- Opening Delimiter -

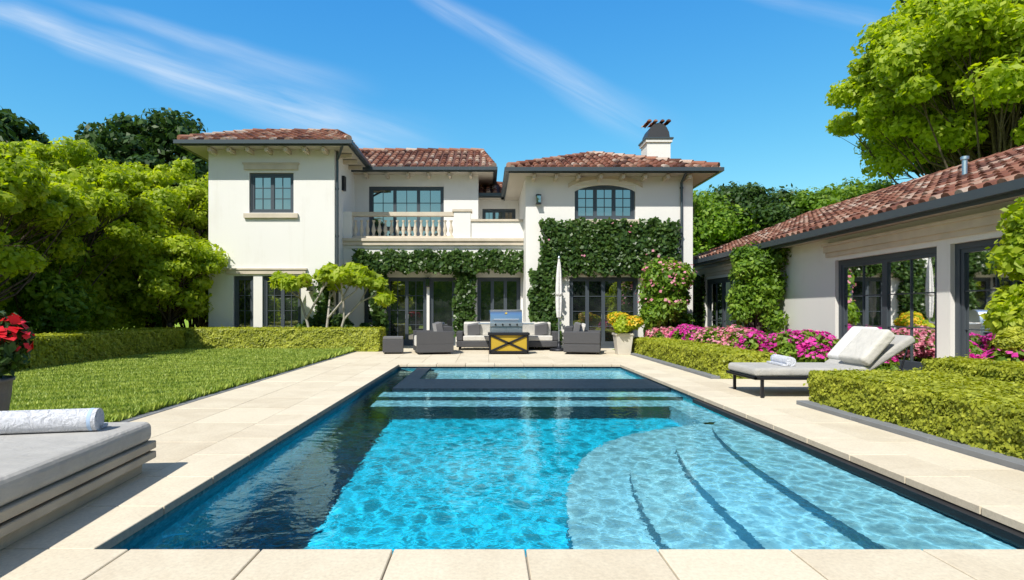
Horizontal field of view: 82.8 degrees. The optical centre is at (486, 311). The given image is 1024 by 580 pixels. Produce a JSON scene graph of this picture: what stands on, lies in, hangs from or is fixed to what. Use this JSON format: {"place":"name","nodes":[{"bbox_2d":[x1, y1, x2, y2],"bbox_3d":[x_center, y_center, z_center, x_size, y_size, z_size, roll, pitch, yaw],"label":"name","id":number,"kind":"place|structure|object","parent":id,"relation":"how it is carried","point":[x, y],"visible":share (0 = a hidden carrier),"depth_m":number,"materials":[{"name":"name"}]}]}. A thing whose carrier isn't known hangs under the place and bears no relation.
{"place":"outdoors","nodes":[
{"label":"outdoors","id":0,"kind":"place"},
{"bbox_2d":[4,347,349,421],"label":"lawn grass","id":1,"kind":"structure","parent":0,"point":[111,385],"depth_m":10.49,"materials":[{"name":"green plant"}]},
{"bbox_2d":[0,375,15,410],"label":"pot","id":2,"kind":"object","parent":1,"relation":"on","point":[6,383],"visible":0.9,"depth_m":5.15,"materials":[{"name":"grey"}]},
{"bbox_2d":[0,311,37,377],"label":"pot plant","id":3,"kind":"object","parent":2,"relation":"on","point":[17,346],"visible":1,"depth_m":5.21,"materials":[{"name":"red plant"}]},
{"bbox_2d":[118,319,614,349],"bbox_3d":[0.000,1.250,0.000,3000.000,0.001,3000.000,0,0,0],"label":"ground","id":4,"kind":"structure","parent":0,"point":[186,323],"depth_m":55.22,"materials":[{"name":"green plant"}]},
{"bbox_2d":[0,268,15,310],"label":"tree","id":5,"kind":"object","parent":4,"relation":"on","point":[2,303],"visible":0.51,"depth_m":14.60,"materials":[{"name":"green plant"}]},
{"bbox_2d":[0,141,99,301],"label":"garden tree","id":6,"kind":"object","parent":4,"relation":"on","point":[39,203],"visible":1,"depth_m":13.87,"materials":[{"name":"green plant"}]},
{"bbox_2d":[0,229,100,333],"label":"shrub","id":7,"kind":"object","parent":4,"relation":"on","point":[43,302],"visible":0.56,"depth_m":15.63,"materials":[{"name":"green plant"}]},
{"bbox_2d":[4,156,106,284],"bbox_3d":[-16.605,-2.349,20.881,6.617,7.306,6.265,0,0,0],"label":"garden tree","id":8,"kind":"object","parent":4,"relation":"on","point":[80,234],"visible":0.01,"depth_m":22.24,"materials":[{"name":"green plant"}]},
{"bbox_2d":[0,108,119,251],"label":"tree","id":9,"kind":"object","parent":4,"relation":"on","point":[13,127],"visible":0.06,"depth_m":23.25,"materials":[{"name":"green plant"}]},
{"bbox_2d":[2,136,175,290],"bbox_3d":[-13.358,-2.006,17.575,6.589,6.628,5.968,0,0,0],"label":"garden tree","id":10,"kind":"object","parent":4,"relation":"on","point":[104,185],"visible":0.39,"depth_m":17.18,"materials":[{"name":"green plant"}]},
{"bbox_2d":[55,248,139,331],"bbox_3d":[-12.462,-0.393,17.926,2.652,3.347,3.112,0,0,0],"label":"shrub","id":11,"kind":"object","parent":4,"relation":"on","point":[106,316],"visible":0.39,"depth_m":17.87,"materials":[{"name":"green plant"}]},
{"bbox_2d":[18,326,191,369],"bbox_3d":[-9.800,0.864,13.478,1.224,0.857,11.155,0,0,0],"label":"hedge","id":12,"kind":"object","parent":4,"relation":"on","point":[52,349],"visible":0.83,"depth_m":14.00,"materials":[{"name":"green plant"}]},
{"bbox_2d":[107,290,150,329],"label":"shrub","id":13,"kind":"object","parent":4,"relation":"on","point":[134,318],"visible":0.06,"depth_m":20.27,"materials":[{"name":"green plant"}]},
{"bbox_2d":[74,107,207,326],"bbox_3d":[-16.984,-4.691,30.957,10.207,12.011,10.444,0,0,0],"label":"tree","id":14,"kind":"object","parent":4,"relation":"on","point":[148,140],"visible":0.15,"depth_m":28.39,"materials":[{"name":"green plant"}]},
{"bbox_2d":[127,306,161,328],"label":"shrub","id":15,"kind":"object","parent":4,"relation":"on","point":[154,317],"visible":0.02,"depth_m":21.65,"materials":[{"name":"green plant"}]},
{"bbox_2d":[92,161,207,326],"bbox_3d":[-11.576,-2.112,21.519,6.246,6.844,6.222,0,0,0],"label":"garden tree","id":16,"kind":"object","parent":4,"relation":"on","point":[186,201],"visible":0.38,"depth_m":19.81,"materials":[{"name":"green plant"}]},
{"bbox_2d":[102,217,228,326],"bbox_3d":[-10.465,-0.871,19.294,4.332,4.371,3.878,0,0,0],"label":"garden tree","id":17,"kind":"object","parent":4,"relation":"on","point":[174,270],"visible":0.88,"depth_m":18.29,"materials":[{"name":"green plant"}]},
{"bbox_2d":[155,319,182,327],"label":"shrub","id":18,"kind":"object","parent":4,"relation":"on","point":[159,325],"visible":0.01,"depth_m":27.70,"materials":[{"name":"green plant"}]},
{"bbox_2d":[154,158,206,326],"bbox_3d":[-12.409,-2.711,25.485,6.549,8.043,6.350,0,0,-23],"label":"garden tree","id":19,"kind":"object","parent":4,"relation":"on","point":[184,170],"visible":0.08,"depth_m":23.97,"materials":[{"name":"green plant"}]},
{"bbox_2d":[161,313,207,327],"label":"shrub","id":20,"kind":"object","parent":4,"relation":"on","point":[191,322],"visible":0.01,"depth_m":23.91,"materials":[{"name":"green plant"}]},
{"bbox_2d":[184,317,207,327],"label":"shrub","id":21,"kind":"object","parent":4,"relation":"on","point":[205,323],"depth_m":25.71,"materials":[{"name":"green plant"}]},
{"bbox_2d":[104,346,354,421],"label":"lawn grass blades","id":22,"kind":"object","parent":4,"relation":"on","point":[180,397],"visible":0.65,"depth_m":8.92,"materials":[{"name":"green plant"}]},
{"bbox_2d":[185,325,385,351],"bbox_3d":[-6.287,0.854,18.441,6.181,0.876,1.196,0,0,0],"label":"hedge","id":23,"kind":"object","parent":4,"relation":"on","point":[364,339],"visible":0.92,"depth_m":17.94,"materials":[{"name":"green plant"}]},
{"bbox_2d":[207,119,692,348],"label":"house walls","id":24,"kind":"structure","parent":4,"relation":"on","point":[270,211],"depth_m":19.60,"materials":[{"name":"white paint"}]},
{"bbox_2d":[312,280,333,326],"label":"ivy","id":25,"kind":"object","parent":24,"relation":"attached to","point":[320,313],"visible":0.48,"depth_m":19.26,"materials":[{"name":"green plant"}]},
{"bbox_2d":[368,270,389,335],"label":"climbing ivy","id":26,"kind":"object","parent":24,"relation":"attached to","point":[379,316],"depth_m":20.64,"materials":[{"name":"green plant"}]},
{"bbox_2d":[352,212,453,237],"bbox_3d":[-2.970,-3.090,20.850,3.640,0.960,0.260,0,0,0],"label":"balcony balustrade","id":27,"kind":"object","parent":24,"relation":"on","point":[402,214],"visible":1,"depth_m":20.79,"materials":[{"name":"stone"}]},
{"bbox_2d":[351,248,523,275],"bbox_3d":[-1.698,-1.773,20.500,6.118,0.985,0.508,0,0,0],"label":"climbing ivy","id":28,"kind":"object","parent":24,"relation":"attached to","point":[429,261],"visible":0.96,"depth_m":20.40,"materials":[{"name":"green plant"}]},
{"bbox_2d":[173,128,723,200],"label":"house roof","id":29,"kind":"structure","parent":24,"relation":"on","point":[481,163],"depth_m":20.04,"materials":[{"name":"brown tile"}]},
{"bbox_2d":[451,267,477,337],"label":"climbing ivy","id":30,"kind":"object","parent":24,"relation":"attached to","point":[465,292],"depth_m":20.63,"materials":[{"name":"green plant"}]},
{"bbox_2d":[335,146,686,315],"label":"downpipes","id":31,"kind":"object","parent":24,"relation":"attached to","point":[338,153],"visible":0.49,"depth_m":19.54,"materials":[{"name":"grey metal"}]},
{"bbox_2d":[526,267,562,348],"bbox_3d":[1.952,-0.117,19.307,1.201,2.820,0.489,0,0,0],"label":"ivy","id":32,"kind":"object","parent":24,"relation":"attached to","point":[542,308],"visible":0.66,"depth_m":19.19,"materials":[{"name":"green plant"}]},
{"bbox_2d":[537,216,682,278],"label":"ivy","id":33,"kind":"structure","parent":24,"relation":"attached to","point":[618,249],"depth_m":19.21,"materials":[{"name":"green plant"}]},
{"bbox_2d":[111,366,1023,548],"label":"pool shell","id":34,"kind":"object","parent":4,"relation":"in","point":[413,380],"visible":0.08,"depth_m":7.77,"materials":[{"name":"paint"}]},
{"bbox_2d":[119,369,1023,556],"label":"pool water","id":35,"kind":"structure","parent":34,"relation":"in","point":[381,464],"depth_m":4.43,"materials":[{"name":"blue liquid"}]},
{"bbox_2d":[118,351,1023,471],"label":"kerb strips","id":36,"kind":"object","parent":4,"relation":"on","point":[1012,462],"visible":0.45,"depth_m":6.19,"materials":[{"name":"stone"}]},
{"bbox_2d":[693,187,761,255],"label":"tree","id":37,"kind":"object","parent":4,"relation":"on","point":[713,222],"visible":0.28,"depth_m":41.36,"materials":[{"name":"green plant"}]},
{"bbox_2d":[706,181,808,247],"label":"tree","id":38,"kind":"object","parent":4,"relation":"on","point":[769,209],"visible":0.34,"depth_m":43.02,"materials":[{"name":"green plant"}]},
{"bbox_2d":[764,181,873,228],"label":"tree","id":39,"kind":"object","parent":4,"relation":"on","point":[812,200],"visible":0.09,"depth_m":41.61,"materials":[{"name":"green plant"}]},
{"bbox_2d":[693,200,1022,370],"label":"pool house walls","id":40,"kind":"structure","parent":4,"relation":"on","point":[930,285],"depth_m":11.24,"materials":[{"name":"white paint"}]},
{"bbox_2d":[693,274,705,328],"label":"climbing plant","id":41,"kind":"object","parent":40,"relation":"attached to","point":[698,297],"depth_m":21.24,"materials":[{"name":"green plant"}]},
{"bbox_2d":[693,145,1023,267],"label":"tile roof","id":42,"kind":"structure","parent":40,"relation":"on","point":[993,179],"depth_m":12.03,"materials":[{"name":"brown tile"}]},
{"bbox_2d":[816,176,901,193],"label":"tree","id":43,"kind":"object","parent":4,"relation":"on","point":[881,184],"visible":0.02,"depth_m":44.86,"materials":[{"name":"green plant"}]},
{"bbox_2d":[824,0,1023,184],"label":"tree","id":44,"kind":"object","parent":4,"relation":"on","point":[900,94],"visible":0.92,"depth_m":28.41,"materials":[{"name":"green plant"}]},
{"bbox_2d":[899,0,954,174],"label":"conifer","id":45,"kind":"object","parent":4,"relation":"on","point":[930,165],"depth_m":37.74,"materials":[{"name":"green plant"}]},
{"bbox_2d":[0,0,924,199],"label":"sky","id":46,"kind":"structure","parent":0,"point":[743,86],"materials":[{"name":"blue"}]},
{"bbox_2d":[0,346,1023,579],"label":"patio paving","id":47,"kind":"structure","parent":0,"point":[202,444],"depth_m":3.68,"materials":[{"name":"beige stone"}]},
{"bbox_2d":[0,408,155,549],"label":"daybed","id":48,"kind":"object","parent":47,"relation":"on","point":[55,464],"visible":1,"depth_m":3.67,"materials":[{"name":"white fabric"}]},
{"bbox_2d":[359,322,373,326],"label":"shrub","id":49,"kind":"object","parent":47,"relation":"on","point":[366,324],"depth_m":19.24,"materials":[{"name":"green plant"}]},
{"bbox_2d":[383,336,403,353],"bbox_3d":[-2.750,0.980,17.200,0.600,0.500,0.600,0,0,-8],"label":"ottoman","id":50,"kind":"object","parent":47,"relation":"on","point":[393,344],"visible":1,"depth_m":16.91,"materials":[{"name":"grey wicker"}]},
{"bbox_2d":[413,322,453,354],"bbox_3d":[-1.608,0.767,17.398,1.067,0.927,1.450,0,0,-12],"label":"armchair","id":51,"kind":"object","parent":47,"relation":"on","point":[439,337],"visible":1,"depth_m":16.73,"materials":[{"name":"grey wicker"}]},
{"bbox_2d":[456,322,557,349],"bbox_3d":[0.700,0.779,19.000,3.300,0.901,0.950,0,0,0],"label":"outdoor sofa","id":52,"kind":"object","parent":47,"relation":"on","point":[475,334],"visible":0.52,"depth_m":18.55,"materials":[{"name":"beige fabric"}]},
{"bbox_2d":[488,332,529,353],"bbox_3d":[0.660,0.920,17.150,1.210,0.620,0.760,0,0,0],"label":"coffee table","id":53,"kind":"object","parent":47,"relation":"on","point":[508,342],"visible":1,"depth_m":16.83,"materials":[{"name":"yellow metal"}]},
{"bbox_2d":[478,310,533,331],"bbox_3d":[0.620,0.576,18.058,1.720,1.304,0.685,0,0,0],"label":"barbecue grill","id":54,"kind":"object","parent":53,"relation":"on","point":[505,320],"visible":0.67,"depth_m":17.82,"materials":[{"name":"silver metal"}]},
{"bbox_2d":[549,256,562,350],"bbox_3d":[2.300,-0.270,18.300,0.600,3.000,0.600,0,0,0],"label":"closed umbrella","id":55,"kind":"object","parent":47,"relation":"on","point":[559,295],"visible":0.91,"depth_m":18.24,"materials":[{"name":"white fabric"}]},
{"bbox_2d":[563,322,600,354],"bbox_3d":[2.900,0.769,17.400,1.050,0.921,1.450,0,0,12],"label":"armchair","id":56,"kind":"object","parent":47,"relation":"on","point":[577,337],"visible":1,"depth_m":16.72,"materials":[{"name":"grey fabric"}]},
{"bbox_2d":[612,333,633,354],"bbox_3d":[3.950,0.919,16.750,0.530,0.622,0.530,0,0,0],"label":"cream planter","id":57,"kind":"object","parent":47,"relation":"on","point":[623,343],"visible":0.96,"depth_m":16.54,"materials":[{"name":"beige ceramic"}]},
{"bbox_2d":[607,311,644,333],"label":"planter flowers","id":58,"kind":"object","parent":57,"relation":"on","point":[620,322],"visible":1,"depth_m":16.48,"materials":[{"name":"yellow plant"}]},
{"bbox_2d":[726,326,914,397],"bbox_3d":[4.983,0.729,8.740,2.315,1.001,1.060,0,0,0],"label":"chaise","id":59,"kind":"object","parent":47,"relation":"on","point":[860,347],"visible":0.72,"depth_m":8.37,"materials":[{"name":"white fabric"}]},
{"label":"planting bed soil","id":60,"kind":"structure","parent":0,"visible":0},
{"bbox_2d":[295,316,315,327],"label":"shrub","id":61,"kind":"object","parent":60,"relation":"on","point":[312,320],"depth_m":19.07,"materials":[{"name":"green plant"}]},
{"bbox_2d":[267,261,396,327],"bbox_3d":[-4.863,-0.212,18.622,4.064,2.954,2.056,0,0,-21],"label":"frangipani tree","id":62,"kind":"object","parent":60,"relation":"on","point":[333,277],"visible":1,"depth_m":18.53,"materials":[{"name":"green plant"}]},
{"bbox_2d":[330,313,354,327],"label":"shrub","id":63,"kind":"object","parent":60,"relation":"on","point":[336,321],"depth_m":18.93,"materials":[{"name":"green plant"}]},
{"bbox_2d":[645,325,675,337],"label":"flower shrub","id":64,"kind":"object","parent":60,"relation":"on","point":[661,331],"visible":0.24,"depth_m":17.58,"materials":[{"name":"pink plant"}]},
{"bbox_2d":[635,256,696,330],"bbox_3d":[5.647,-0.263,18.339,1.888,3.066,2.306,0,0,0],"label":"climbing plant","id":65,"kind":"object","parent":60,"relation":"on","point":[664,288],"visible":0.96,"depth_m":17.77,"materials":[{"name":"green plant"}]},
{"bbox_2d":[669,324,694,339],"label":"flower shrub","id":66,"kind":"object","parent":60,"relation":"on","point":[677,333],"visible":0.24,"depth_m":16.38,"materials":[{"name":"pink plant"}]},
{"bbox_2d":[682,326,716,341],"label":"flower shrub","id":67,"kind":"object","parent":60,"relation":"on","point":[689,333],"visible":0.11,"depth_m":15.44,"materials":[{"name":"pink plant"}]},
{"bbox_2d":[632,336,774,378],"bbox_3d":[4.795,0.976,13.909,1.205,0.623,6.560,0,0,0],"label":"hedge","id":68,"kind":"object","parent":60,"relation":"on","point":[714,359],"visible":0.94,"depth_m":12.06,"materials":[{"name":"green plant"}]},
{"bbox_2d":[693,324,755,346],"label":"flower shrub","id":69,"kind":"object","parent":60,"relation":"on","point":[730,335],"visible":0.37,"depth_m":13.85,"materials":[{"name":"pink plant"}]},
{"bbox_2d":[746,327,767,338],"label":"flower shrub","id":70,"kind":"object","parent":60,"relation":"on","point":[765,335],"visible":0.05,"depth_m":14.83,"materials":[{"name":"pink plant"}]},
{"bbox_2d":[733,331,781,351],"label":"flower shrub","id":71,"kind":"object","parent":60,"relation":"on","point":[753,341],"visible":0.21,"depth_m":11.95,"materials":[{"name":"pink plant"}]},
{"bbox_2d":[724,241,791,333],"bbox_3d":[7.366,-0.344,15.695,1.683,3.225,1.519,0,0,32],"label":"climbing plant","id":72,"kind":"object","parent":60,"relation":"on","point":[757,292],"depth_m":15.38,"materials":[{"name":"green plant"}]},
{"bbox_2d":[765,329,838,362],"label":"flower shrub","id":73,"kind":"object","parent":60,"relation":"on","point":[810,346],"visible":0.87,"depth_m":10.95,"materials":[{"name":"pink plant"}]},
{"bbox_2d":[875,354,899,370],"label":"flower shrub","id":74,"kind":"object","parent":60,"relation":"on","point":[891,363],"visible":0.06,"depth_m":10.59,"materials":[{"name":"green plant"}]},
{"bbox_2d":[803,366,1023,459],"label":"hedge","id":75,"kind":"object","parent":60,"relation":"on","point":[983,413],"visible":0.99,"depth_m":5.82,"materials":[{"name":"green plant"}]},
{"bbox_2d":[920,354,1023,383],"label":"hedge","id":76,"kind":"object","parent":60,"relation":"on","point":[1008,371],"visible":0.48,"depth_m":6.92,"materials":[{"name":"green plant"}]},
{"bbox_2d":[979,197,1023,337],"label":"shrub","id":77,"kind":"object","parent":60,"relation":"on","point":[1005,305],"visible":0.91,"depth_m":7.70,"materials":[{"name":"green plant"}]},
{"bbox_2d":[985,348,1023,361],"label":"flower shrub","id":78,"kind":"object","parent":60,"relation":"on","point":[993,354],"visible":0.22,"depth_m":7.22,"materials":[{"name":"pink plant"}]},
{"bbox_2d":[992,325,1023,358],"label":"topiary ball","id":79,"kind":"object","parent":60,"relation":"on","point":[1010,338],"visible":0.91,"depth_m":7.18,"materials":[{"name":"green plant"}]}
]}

- Closing Delimiter -
- Opening Delimiter -

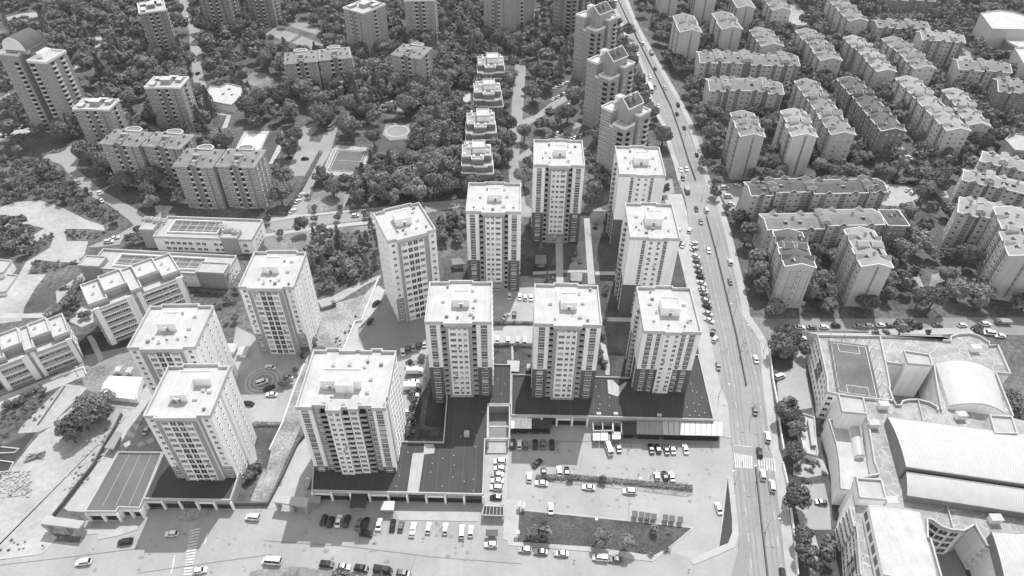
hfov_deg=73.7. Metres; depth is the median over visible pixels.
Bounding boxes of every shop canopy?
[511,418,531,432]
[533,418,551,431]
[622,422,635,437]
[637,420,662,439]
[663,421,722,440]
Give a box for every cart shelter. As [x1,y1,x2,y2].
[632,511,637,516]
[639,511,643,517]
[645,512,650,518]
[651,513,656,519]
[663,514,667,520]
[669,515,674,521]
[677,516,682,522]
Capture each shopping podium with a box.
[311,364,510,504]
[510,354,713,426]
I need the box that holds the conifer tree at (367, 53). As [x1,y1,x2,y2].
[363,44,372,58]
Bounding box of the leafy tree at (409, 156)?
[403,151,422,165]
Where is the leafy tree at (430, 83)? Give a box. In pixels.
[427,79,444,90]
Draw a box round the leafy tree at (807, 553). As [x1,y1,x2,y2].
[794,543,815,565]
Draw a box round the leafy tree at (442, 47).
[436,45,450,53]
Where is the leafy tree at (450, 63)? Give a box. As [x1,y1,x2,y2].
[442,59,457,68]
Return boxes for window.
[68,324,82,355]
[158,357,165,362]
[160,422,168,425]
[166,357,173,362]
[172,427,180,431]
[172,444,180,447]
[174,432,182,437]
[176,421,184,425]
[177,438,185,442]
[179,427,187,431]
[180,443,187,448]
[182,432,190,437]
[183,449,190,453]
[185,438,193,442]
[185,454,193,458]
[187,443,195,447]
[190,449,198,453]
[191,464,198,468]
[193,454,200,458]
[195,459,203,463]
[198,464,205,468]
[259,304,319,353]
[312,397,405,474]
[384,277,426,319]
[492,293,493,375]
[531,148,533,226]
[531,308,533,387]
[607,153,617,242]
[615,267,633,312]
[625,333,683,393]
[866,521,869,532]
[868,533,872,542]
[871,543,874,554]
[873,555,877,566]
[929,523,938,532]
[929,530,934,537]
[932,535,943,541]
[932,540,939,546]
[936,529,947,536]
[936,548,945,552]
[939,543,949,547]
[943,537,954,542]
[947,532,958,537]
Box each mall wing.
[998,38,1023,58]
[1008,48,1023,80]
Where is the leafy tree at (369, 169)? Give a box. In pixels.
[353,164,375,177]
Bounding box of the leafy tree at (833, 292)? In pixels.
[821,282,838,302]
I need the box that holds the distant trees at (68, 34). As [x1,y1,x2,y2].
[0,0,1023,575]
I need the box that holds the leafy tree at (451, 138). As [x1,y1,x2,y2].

- Closing Delimiter -

Assignment: Beginning at the line with "Bounding box of the leafy tree at (833, 292)?" and ending at the line with "I need the box that holds the leafy", reproduce each line of the data above exactly, and add no other lines.

Result for this task:
Bounding box of the leafy tree at (833, 292)? In pixels.
[821,282,838,302]
I need the box that holds the distant trees at (68, 34). As [x1,y1,x2,y2].
[0,0,1023,575]
I need the box that holds the leafy tree at (451, 138). As [x1,y1,x2,y2].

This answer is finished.